< [6 Tuples and Dictionaries](6-TuplesDictionaries.ipynb) | [Contents](0-Contents.ipynb) | [8 NumPy](8-NumPy.ipynb) >

# 7. File I/O

#### 7.1 Introduction
In the previous chapters, we either defined our data directly in the code, asked the user for data input, or generated it using functions. However, in many cases, we need to read data from external sources, such as files. 
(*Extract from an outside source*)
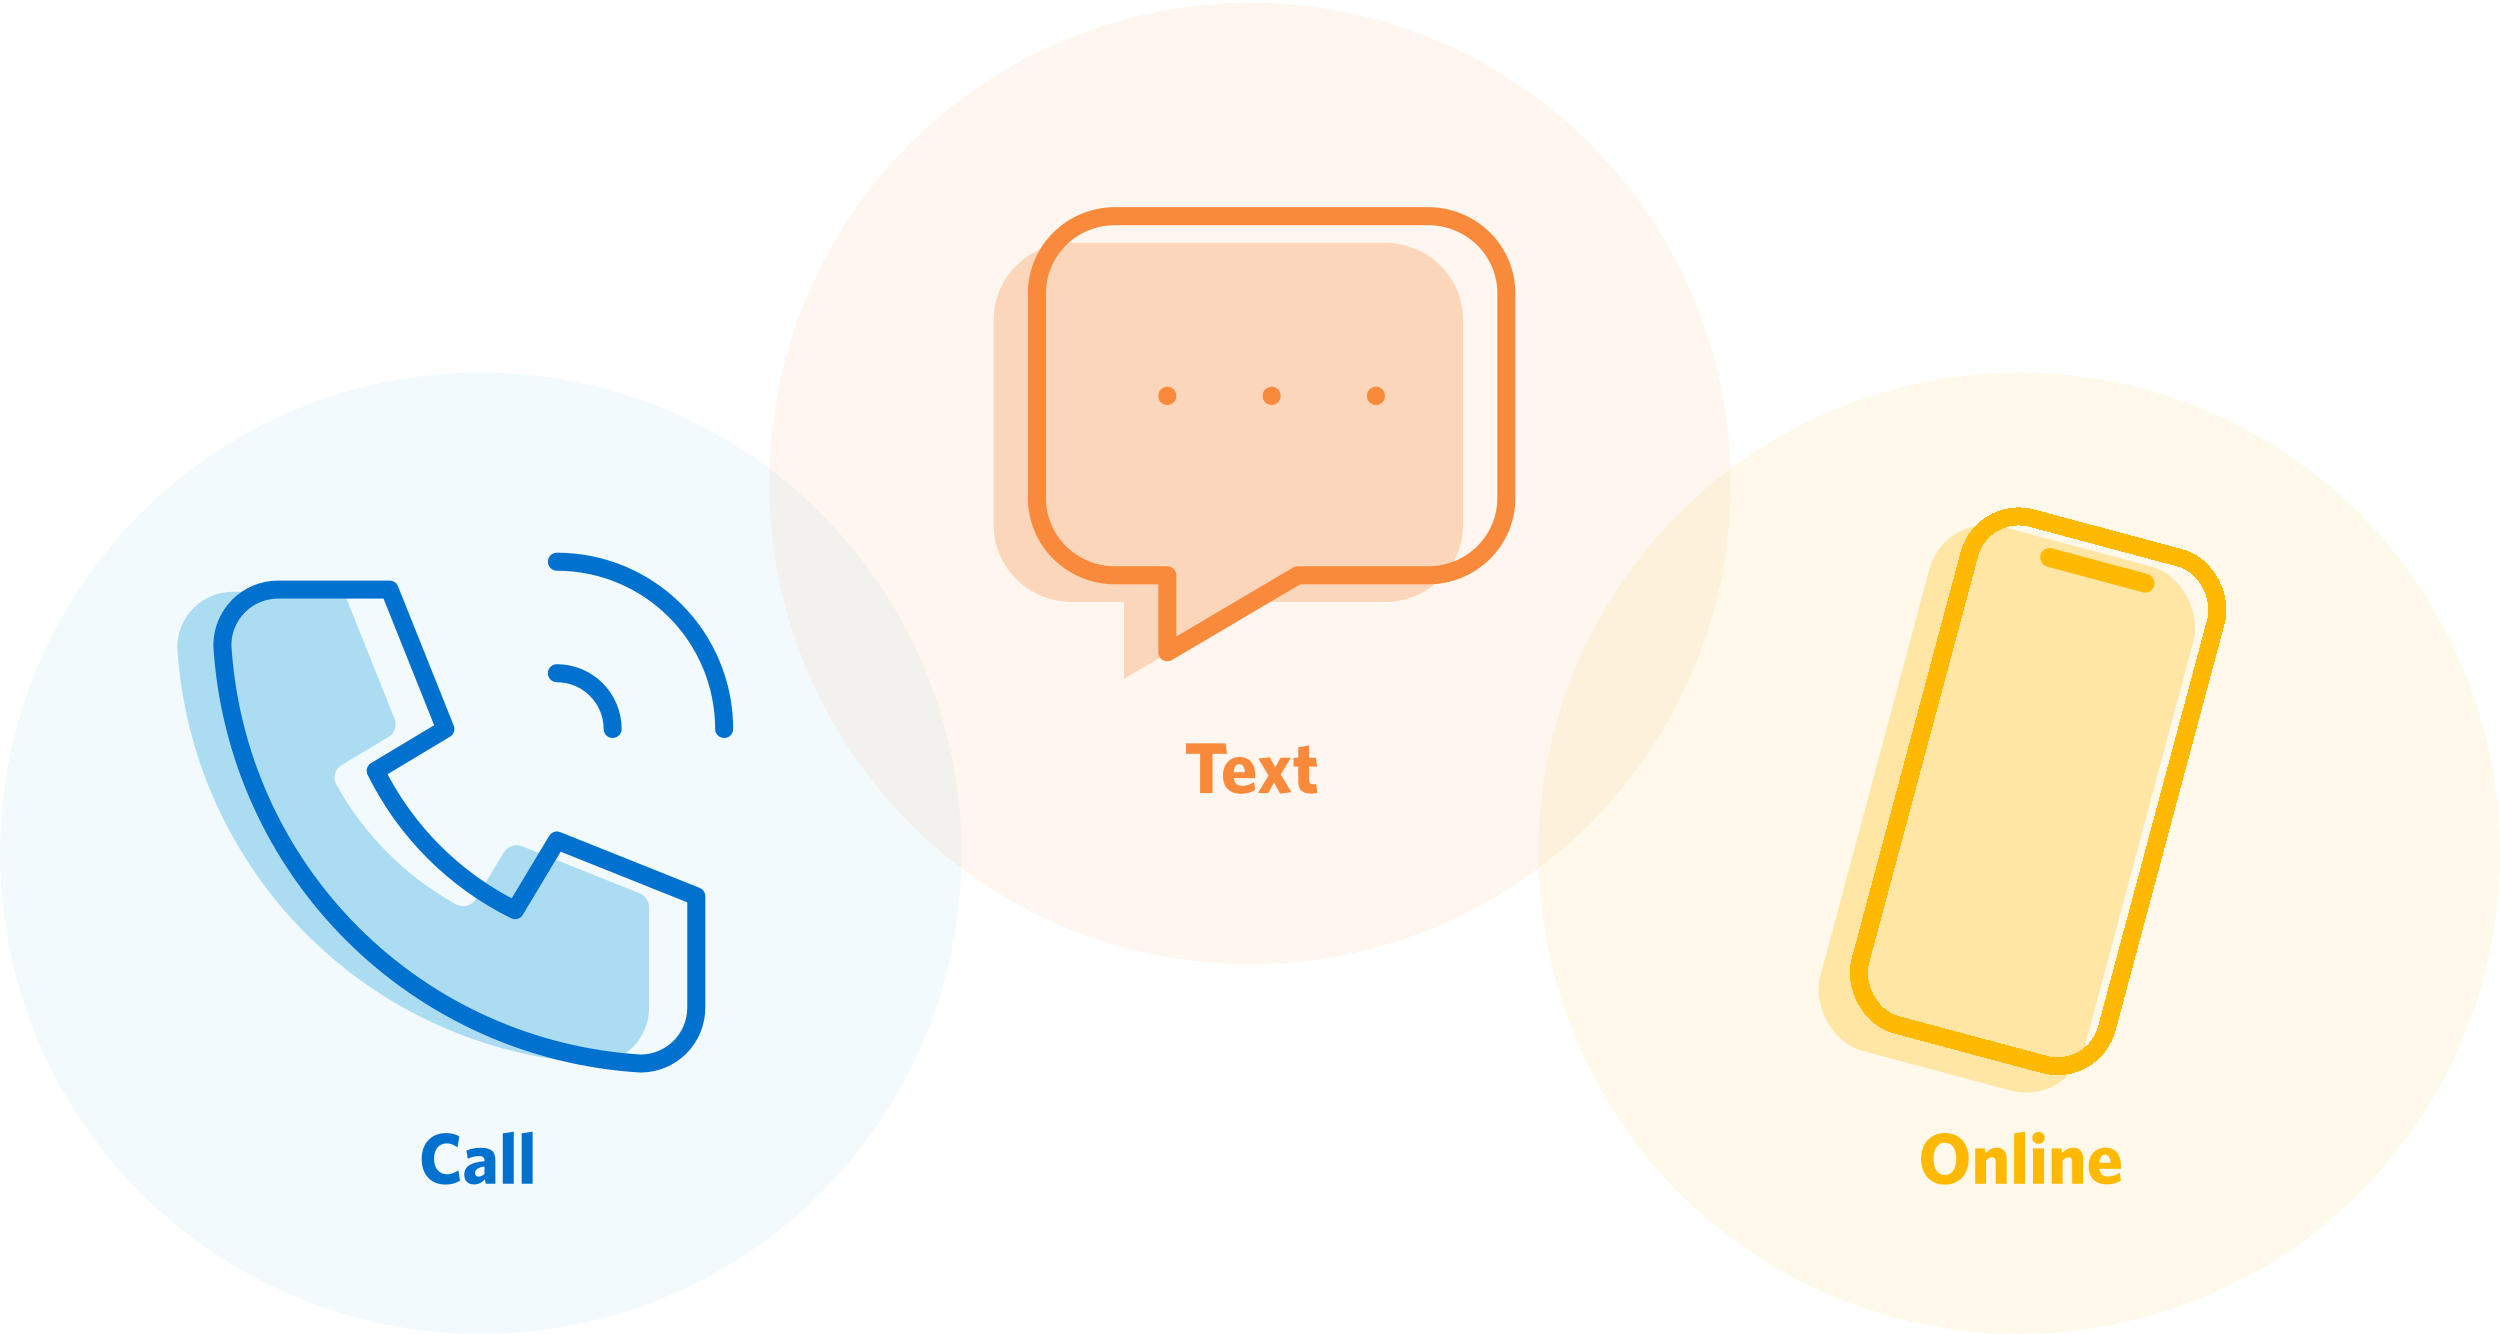 <?xml version="1.0" encoding="UTF-8"?> <svg xmlns="http://www.w3.org/2000/svg" width="832" height="444" viewBox="0 0 832 444" fill="none"><circle opacity="0.05" cx="160" cy="283.938" r="160" fill="#0596D5"></circle><path opacity="0.3" d="M77.471 196.938H111.027C113.071 196.938 114.91 198.182 115.669 200.081L131.301 239.161C132.212 241.439 131.335 244.042 129.231 245.305L113.743 254.598C111.511 255.937 110.668 258.771 111.924 261.05C121.196 277.882 135.056 291.742 151.888 301.014C154.167 302.269 157.001 301.426 158.34 299.195L167.633 283.707C168.895 281.602 171.499 280.725 173.777 281.637L212.857 297.269C214.755 298.028 216 299.867 216 301.911V335.467C216 340.366 214.054 345.064 210.59 348.528C207.126 351.992 202.428 353.938 197.529 353.938C161.505 351.749 127.527 336.451 102.007 310.931C76.487 285.41 61.189 251.433 59 215.408C59 210.51 60.946 205.812 64.41 202.348C67.874 198.884 72.572 196.938 77.471 196.938Z" fill="#0596D5"></path><path d="M185.333 224.049C190.255 224.049 194.974 226.004 198.454 229.484C201.934 232.963 203.889 237.683 203.889 242.604M185.333 186.938C200.097 186.938 214.256 192.803 224.696 203.242C235.135 213.682 241 227.841 241 242.604M92.556 196.216H129.667L148.222 242.604L125.028 256.521C134.964 276.668 151.27 292.974 171.417 302.91L185.333 279.716L231.722 298.271V335.382C231.722 340.303 229.767 345.023 226.287 348.503C222.808 351.983 218.088 353.938 213.167 353.938C176.977 351.738 142.843 336.37 117.205 310.733C91.567 285.095 76.199 250.961 74 214.771C74 209.85 75.955 205.13 79.435 201.65C82.915 198.17 87.634 196.216 92.556 196.216Z" stroke="#0071CE" stroke-width="6" stroke-linecap="round" stroke-linejoin="round"></path><path d="M153.086 392.954C151.766 393.722 150.23 394.226 148.286 394.226C143.342 394.226 140.342 390.914 140.342 385.682C140.342 380.546 143.486 377.09 148.478 377.09C150.23 377.09 151.646 377.474 152.846 378.17L152.27 381.866C151.286 381.098 150.134 380.522 148.694 380.522C146.102 380.522 144.446 382.49 144.446 385.658C144.446 388.874 146.198 390.794 148.79 390.794C150.134 390.794 151.334 390.29 152.558 389.522L153.086 392.954ZM164.86 393.938H161.644L161.404 392.474C160.444 393.482 159.316 394.178 157.708 394.178C155.836 394.178 154.516 393.05 154.516 390.914C154.516 388.154 156.628 386.858 161.236 386.45V386.234C161.236 385.202 160.66 384.746 159.46 384.746C158.14 384.746 156.916 385.082 155.668 385.634L155.236 382.898C156.58 382.346 158.092 381.986 160.012 381.986C163.252 381.986 164.86 383.066 164.86 386.066V393.938ZM161.236 390.698V388.202C158.764 388.586 158.092 389.402 158.092 390.434C158.092 391.178 158.548 391.586 159.244 391.586C159.916 391.586 160.588 391.274 161.236 390.698ZM170.976 393.938H167.328V377.186L170.976 376.61V393.938ZM177.257 393.938H173.609V377.186L177.257 376.61V393.938Z" fill="#0071CE"></path><circle opacity="0.08" cx="416" cy="160.938" r="160" fill="#F98A3C"></circle><path opacity="0.3" d="M460.87 80.801C467.775 80.801 474.398 83.499 479.28 88.303C484.163 93.106 486.906 99.621 486.906 106.413V174.713C486.906 181.506 484.163 188.02 479.28 192.824C474.398 197.627 467.775 200.325 460.87 200.325H417.477L374.084 225.938V200.325H356.726C349.821 200.325 343.199 197.627 338.316 192.824C333.433 188.02 330.69 181.506 330.69 174.713V106.413C330.69 99.621 333.433 93.106 338.316 88.303C343.199 83.499 349.821 80.801 356.726 80.801H460.87Z" fill="#F98A3C"></path><path d="M423.202 131.7V131.785M388.487 131.7V131.785M457.916 131.7V131.785M475.274 71.938C482.179 71.938 488.801 74.636 493.684 79.439C498.567 84.243 501.31 90.757 501.31 97.55V165.85C501.31 172.643 498.567 179.157 493.684 183.96C488.801 188.764 482.179 191.462 475.274 191.462H431.88L388.487 217.074V191.462H371.13C364.225 191.462 357.602 188.764 352.72 183.96C347.837 179.157 345.094 172.643 345.094 165.85V97.55C345.094 90.757 347.837 84.243 352.72 79.439C357.602 74.636 364.225 71.938 371.13 71.938H475.274Z" stroke="#F98A3C" stroke-width="6" stroke-linecap="round" stroke-linejoin="round"></path><path d="M408.397 250.858H403.525V263.938H399.397V250.858H394.717V247.378H407.821L408.397 250.858ZM417.728 262.858C416.456 263.674 414.896 264.178 413.048 264.178C409.52 264.178 407 262.282 407 258.106C407 254.266 409.352 251.938 412.544 251.938C416.168 251.938 417.752 254.626 417.752 258.034C417.752 258.394 417.728 258.778 417.704 258.97H410.6C410.792 260.842 411.896 261.538 413.504 261.538C414.8 261.538 416.072 261.058 417.368 260.29L417.728 262.858ZM412.448 254.29C411.416 254.29 410.696 255.178 410.576 256.978H414.296C414.176 255.202 413.552 254.29 412.448 254.29ZM429.802 263.65L426.034 264.106L424.018 260.386L422.074 263.938H418.618L422.17 258.13L418.786 252.466L422.578 252.01L424.402 255.418L426.178 252.178H429.61L426.226 257.722L429.802 263.65ZM438.42 263.866C437.844 264.034 437.292 264.106 436.332 264.106C433.812 264.106 432.06 263.194 432.06 260.194V255.13H430.5V252.178H432.06V248.674L435.66 248.098V252.178H437.892L438.348 255.13H435.66V259.618C435.66 260.554 436.14 261.01 437.1 261.01C437.412 261.01 437.724 260.962 437.988 260.89L438.42 263.866Z" fill="#F98A3C"></path><circle opacity="0.08" cx="672" cy="283.938" r="160" fill="#FFB900"></circle><g opacity="0.3" filter="url(#filter0_d_2007_7)"><rect x="647.263" y="170.166" width="91.048" height="180.527" rx="20" transform="rotate(15 647.263 170.166)" fill="#FFB900"></rect></g><g filter="url(#filter1_d_2007_7)"><rect x="659.794" y="168.049" width="85.048" height="174.527" rx="17" transform="rotate(15 659.794 168.049)" stroke="#FFB900" stroke-width="6" shape-rendering="crispEdges"></rect></g><g filter="url(#filter2_d_2007_7)"><rect x="679.849" y="181.692" width="39.245" height="6.279" rx="3.14" transform="rotate(15 679.849 181.692)" fill="#FFB900"></rect></g><path d="M655.173 385.634C655.173 390.746 652.053 394.25 647.229 394.25C642.477 394.25 639.357 390.794 639.357 385.682C639.357 380.546 642.477 377.066 647.277 377.066C652.077 377.066 655.173 380.522 655.173 385.634ZM651.045 385.658C651.045 382.37 649.653 380.282 647.253 380.282C644.877 380.282 643.461 382.37 643.461 385.658C643.461 388.946 644.877 391.034 647.253 391.034C649.653 391.034 651.045 388.946 651.045 385.658ZM667.806 393.938H664.158V386.57C664.158 385.73 663.822 385.154 662.958 385.154C662.262 385.154 661.614 385.562 660.966 386.21V393.938H657.342V382.178H660.534L660.798 383.786C661.854 382.73 662.982 381.938 664.47 381.938C666.654 381.938 667.806 383.282 667.806 385.586V393.938ZM673.952 393.938H670.304V377.186L673.952 376.61V393.938ZM680.474 378.698C680.474 379.874 679.586 380.642 678.41 380.642C677.258 380.642 676.346 379.874 676.346 378.698C676.346 377.498 677.258 376.706 678.41 376.706C679.586 376.706 680.474 377.498 680.474 378.698ZM680.234 393.938H676.586V382.178H680.234V393.938ZM693.259 393.938H689.611V386.57C689.611 385.73 689.275 385.154 688.411 385.154C687.715 385.154 687.067 385.562 686.419 386.21V393.938H682.795V382.178H685.987L686.251 383.786C687.307 382.73 688.435 381.938 689.923 381.938C692.107 381.938 693.259 383.282 693.259 385.586V393.938ZM705.838 392.858C704.566 393.674 703.006 394.178 701.158 394.178C697.63 394.178 695.11 392.282 695.11 388.106C695.11 384.266 697.462 381.938 700.654 381.938C704.278 381.938 705.862 384.626 705.862 388.034C705.862 388.394 705.838 388.778 705.814 388.97H698.71C698.902 390.842 700.006 391.538 701.614 391.538C702.91 391.538 704.182 391.058 705.478 390.29L705.838 392.858ZM700.558 384.29C699.526 384.29 698.806 385.178 698.686 386.978H702.406C702.286 385.202 701.662 384.29 700.558 384.29Z" fill="#FFB900"></path><defs><filter id="filter0_d_2007_7" x="555.029" y="124.656" width="225.689" height="288.96" filterUnits="userSpaceOnUse" color-interpolation-filters="sRGB"><feFlood flood-opacity="0" result="BackgroundImageFix"></feFlood><feColorMatrix in="SourceAlpha" type="matrix" values="0 0 0 0 0 0 0 0 0 0 0 0 0 0 0 0 0 0 127 0" result="hardAlpha"></feColorMatrix><feOffset></feOffset><feGaussianBlur stdDeviation="25"></feGaussianBlur><feComposite in2="hardAlpha" operator="out"></feComposite><feColorMatrix type="matrix" values="0 0 0 0 0 0 0 0 0 0 0 0 0 0 0 0 0 0 0.1 0"></feColorMatrix><feBlend mode="normal" in2="BackgroundImageFix" result="effect1_dropShadow_2007_7"></feBlend><feBlend mode="normal" in="SourceGraphic" in2="effect1_dropShadow_2007_7" result="shape"></feBlend></filter><filter id="filter1_d_2007_7" x="565.439" y="118.864" width="225.689" height="288.96" filterUnits="userSpaceOnUse" color-interpolation-filters="sRGB"><feFlood flood-opacity="0" result="BackgroundImageFix"></feFlood><feColorMatrix in="SourceAlpha" type="matrix" values="0 0 0 0 0 0 0 0 0 0 0 0 0 0 0 0 0 0 127 0" result="hardAlpha"></feColorMatrix><feOffset></feOffset><feGaussianBlur stdDeviation="25"></feGaussianBlur><feComposite in2="hardAlpha" operator="out"></feComposite><feColorMatrix type="matrix" values="0 0 0 0 0 0 0 0 0 0 0 0 0 0 0 0 0 0 0.1 0"></feColorMatrix><feBlend mode="normal" in2="BackgroundImageFix" result="effect1_dropShadow_2007_7"></feBlend><feBlend mode="normal" in="SourceGraphic" in2="effect1_dropShadow_2007_7" result="shape"></feBlend></filter><filter id="filter2_d_2007_7" x="628.929" y="132.396" width="138.123" height="114.813" filterUnits="userSpaceOnUse" color-interpolation-filters="sRGB"><feFlood flood-opacity="0" result="BackgroundImageFix"></feFlood><feColorMatrix in="SourceAlpha" type="matrix" values="0 0 0 0 0 0 0 0 0 0 0 0 0 0 0 0 0 0 127 0" result="hardAlpha"></feColorMatrix><feOffset></feOffset><feGaussianBlur stdDeviation="25"></feGaussianBlur><feComposite in2="hardAlpha" operator="out"></feComposite><feColorMatrix type="matrix" values="0 0 0 0 0 0 0 0 0 0 0 0 0 0 0 0 0 0 0.1 0"></feColorMatrix><feBlend mode="normal" in2="BackgroundImageFix" result="effect1_dropShadow_2007_7"></feBlend><feBlend mode="normal" in="SourceGraphic" in2="effect1_dropShadow_2007_7" result="shape"></feBlend></filter></defs></svg>

A file is a collection of data stored on a disk. Files can be text files, which contain human-readable text (coded as ASCII or Unicode), or binary files, which contain data in a format that is not human-readable. 

#### 7.2 File location

When you open a file, you need to specify the file location. The file location can be either an absolute path or a relative path:

* An **absolute path** specifies the location of a file from the root directory.
* A **relative path** specifies the location of a file relative to the current working directory. 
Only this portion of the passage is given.